# Winchester White Box 9mm



## hawcer (Feb 22, 2008)

While at Wally world...I purchased some wwb 9mm(yeah,they actually had 4 boxes in stock). I'm a nice guy,so I left 2 boxes for the next guy. Anyway, When I got home, I opened them up to find Nato headstamps on the brass instead of the standard Win 9mm Luger stamps. Is winchester digging into the "manufactured for Nato" stuff to help supply the commercial market?
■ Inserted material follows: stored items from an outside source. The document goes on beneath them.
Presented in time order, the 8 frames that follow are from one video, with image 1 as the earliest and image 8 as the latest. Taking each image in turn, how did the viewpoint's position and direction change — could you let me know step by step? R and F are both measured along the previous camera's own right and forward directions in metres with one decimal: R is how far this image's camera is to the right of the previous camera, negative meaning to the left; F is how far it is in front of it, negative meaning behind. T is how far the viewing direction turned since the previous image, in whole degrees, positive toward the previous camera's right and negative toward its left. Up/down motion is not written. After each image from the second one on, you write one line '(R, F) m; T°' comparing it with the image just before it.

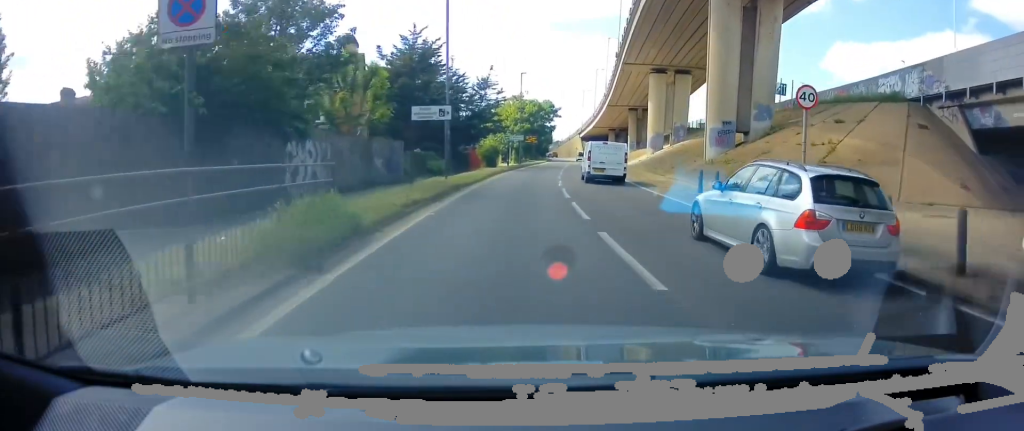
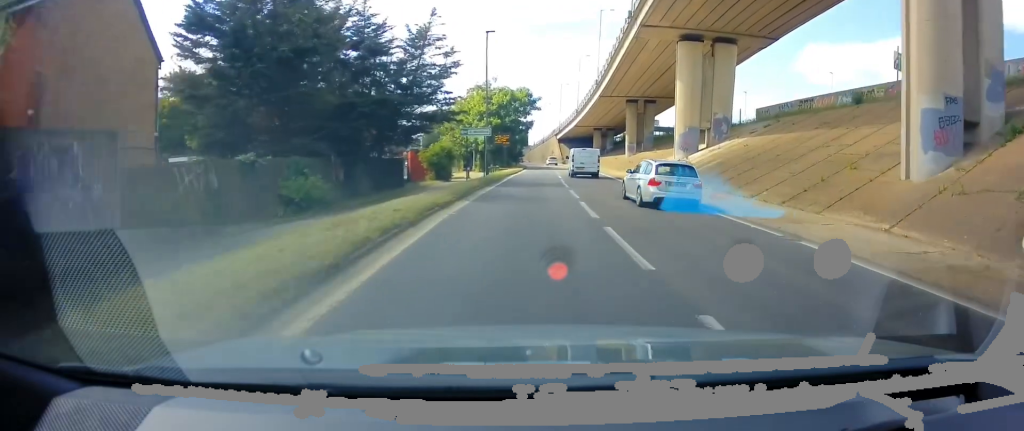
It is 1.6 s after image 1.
(+1.0, +23.4) m; +5°
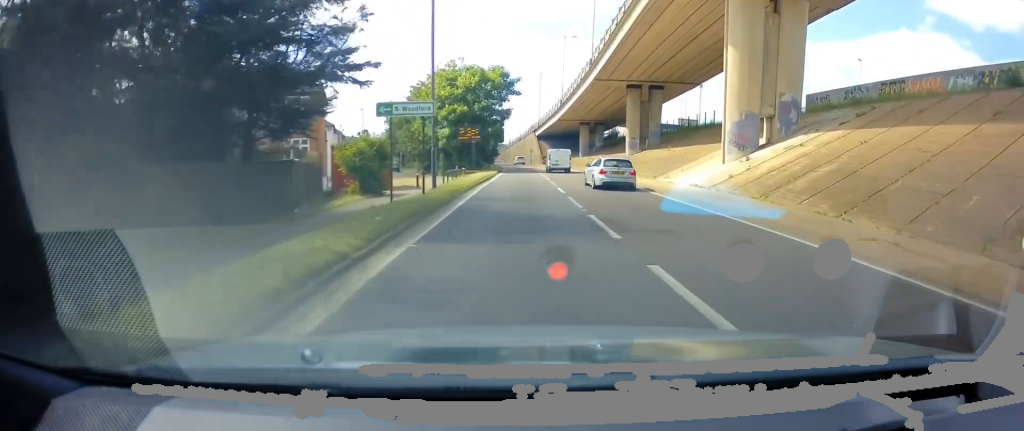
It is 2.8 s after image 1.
(+0.6, +16.3) m; +2°
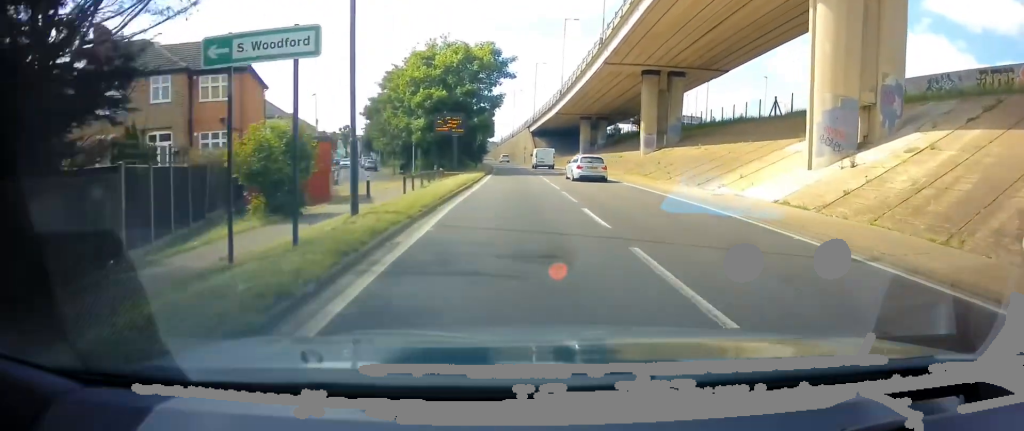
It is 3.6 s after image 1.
(-0.1, +10.6) m; +1°
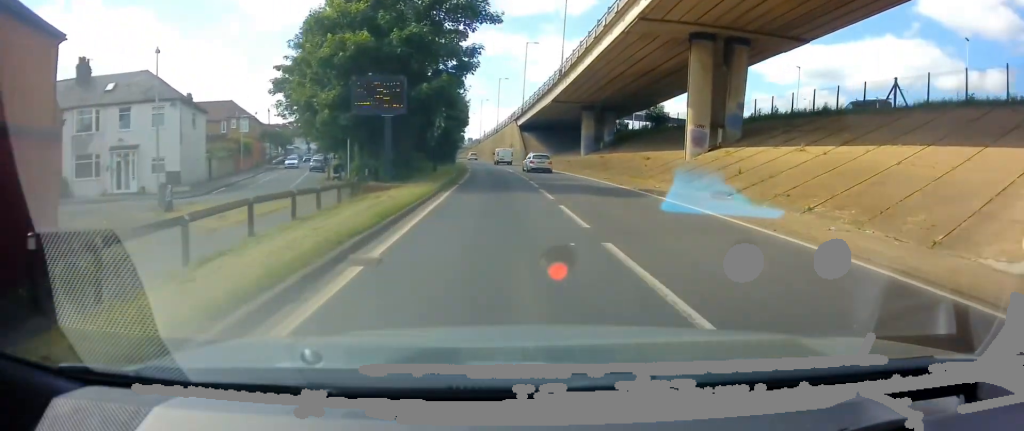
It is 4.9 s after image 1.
(+0.5, +18.4) m; +3°
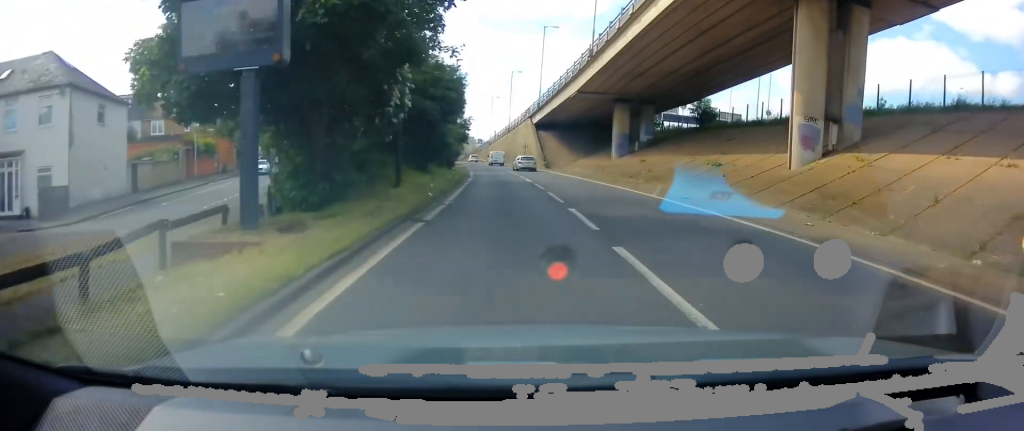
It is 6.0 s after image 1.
(-0.2, +12.9) m; -1°
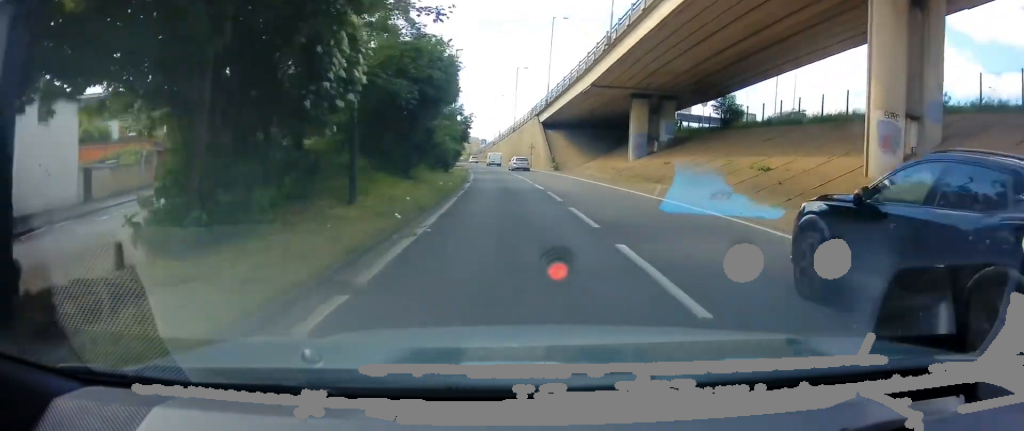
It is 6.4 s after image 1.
(0.0, +5.5) m; -1°
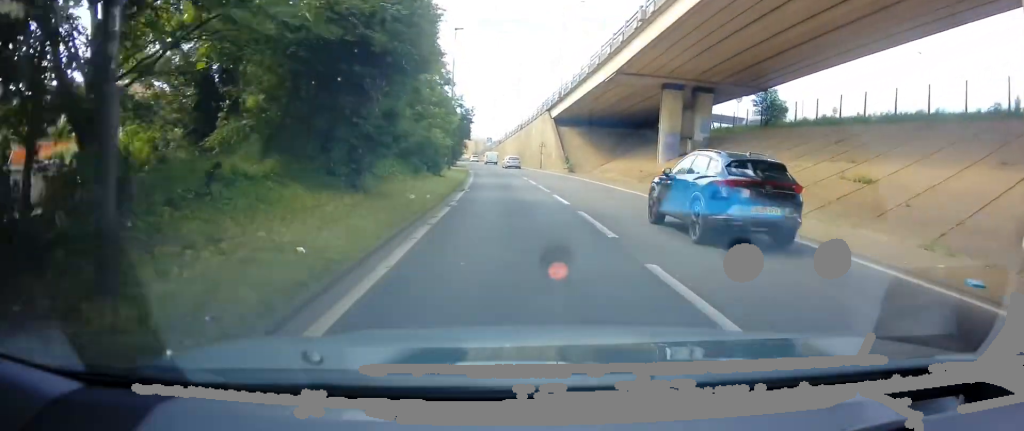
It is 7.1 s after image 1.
(+0.2, +7.8) m; -1°

Maybe this isn't all the odd...but I have never,ever seen or purchased Nato stamped ammo from wally world or any other big retailers.


----------



## dosborn (Apr 17, 2009)

I just checked my WWB (17 boxes) and they were all marked WIN. They were purchased over the last 10-14 months with the latest I bought about 2 weeks ago. No tellin man.


----------



## WinM70 (Jul 6, 2008)

Mine all have win stamps, but it has been 2 months sense my last purchase.


----------



## SIGness (Oct 14, 2009)

This isn't uncommon as of late. IIRC, the Nato rounds tend to be closer to the +P ammo. I know I've read in another forum about this. I'll see if I can hunt it down, and get some good info for you. Don't hold me to the above statement.

Found it!

http://www.thehighroad.us/showthread.php?t=141373

Mods, if there is a rule I've overlooked in regards to posting the link. Please remove, and my apologies.


----------



## wheelgunnerfla (Oct 21, 2009)

That doesn't sound right at all.


----------



## DevilsJohnson (Oct 21, 2007)

I'm sure Winchester like most ammo companies make stuff for the armed forces. So you might see that sometimes though it's not all that common.


----------